[Data excerpts]
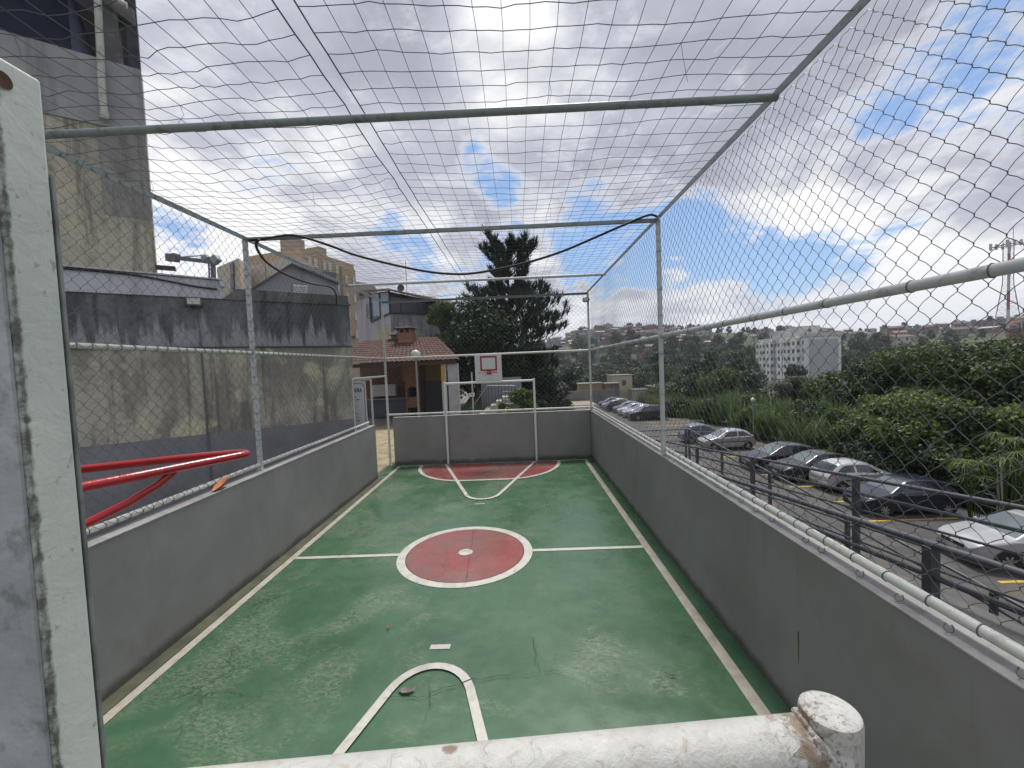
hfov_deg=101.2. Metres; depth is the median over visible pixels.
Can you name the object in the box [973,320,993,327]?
hill house
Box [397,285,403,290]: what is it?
satellite dish
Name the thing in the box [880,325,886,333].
hill house
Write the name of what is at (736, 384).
bank tree
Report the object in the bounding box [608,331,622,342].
valley tree
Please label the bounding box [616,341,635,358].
valley tree
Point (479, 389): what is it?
broadleaf tree
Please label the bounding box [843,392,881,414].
bank shrub
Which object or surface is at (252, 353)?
chain link fence
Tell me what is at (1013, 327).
valley tree
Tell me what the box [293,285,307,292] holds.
louvre window
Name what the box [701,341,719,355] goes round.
valley tree
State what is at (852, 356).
valley tree
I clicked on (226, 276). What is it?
apartment block
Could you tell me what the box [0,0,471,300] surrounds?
overhead net
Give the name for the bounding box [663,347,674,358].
valley tree
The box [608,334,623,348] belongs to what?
valley tree
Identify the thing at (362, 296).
apartment block
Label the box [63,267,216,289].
wall cable
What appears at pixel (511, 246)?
pine tree
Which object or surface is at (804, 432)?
tall grass
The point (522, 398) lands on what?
shrub
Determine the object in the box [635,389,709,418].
cane grass
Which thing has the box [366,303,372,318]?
window
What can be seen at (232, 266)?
window
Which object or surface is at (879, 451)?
bank tree
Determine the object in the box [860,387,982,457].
bank tree
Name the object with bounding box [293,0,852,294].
overhead net
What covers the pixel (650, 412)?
parked car
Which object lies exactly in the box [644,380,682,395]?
bank tree
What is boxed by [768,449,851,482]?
parked car
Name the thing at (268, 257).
apartment block
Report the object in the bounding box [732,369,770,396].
valley tree
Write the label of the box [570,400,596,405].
road
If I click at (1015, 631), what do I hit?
ramp
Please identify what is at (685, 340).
valley tree
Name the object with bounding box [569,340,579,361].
valley tree
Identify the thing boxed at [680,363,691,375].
valley tree
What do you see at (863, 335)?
valley tree
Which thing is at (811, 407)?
bank shrub
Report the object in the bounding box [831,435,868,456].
hedge shrub
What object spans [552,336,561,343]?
hill house
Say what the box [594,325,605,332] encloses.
hill house
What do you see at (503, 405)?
shrub
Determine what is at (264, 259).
hanging hose
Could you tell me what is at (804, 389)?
feathery tree
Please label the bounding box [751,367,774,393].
valley tree
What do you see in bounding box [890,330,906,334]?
hill house
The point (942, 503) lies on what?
parked car
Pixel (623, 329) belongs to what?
hill house
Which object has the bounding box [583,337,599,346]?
valley tree
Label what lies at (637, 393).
outbuilding
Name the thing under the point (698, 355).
valley tree
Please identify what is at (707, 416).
bank shrub
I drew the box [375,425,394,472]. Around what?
path
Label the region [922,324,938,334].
hill house
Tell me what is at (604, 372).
valley tree
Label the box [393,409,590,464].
court wall
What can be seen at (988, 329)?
hill house
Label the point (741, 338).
valley tree
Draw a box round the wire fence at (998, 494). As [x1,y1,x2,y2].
[873,443,1021,512]
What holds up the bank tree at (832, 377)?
on the land
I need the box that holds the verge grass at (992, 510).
[964,503,1011,513]
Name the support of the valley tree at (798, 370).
on the land
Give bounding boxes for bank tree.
[628,368,658,387]
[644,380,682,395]
[654,364,684,377]
[665,398,695,417]
[666,371,711,402]
[694,366,747,400]
[721,382,747,397]
[800,368,856,407]
[819,360,910,411]
[823,411,873,455]
[849,345,928,410]
[853,399,930,470]
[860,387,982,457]
[881,395,994,478]
[886,337,989,408]
[897,337,1023,408]
[925,334,1023,406]
[940,404,1023,456]
[952,402,1023,504]
[980,345,1023,408]
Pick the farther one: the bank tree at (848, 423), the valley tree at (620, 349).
the valley tree at (620, 349)
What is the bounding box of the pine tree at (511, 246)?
[453,224,571,376]
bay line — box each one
[870,518,958,521]
[998,580,1023,582]
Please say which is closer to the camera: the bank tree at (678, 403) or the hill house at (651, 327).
the bank tree at (678, 403)
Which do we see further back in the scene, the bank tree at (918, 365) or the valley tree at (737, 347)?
the valley tree at (737, 347)
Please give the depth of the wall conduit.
6.84 m
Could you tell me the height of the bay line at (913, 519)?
0.003 m
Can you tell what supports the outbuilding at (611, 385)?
on the land
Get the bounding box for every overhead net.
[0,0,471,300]
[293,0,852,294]
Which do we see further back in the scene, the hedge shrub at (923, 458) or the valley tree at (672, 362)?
the valley tree at (672, 362)
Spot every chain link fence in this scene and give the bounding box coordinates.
[45,143,386,534]
[380,292,590,464]
[586,0,1023,679]
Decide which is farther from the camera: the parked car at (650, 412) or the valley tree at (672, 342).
the valley tree at (672, 342)
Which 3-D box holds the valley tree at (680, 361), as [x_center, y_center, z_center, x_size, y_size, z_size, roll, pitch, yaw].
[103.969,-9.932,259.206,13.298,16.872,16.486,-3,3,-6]
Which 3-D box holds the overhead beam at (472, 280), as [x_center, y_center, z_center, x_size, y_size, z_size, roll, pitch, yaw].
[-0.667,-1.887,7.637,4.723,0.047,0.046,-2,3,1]
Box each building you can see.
[0,0,175,272]
[63,265,355,537]
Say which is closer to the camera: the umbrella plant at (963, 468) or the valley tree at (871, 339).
the umbrella plant at (963, 468)
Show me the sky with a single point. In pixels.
(374, 16)
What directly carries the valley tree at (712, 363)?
on the land
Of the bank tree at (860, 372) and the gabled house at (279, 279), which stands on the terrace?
the gabled house at (279, 279)
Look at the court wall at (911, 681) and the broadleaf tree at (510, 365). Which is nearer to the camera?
the court wall at (911, 681)
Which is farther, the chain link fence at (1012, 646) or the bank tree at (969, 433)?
the bank tree at (969, 433)
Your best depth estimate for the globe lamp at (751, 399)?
32.84 m
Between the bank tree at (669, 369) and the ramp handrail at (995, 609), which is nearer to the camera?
the ramp handrail at (995, 609)
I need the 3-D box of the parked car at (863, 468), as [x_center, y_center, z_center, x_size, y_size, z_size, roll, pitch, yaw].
[17.178,4.470,21.002,3.800,1.454,1.904,-2,3,1]
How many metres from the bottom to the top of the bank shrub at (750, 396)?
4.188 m
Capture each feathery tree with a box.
[761,375,827,404]
[787,384,820,398]
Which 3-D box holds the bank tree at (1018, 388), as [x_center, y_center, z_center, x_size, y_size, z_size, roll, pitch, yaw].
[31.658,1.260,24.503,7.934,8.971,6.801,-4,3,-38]
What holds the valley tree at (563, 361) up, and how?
on the land
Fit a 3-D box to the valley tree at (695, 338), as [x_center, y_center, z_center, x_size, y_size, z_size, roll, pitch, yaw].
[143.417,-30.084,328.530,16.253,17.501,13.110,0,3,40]
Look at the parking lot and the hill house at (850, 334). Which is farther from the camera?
the hill house at (850, 334)
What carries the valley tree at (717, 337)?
on the land
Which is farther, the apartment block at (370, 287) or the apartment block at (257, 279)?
the apartment block at (370, 287)
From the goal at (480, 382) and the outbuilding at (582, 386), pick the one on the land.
the outbuilding at (582, 386)
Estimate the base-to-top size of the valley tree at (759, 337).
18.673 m
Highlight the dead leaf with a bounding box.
[212,477,228,490]
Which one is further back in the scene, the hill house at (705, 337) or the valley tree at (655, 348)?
the hill house at (705, 337)
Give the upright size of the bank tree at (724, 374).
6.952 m
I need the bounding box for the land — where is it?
[466,329,1005,513]
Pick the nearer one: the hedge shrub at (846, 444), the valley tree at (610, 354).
the hedge shrub at (846, 444)
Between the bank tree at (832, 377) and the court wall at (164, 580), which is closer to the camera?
the court wall at (164, 580)
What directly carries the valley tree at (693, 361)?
on the land
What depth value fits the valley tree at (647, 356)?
285.29 m
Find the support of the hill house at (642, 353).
on the land
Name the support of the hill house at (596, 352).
on the land
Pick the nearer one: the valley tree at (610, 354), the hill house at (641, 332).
the valley tree at (610, 354)
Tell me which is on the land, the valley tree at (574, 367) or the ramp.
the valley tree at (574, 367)
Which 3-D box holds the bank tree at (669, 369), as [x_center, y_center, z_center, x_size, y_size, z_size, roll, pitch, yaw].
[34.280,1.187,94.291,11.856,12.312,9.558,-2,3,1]
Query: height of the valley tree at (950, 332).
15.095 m
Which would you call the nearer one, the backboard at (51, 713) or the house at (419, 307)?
the backboard at (51, 713)
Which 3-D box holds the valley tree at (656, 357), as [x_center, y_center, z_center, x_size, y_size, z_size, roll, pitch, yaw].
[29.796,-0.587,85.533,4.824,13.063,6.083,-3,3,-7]
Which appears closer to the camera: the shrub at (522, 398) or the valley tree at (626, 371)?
the shrub at (522, 398)
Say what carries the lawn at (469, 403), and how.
on the terrace
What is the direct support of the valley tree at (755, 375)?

* Exercise details
The lines from the one containing "Which 3-D box holds the valley tree at (656, 357), as" through the last line of the records are the answer; set them down exactly and add nothing.

* Written solution
Which 3-D box holds the valley tree at (656, 357), as [x_center, y_center, z_center, x_size, y_size, z_size, roll, pitch, yaw].
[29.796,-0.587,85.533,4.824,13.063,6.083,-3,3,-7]
Which appears closer to the camera: the shrub at (522, 398) or the valley tree at (626, 371)?
the shrub at (522, 398)
Say what carries the lawn at (469, 403), and how.
on the terrace
What is the direct support of the valley tree at (755, 375)?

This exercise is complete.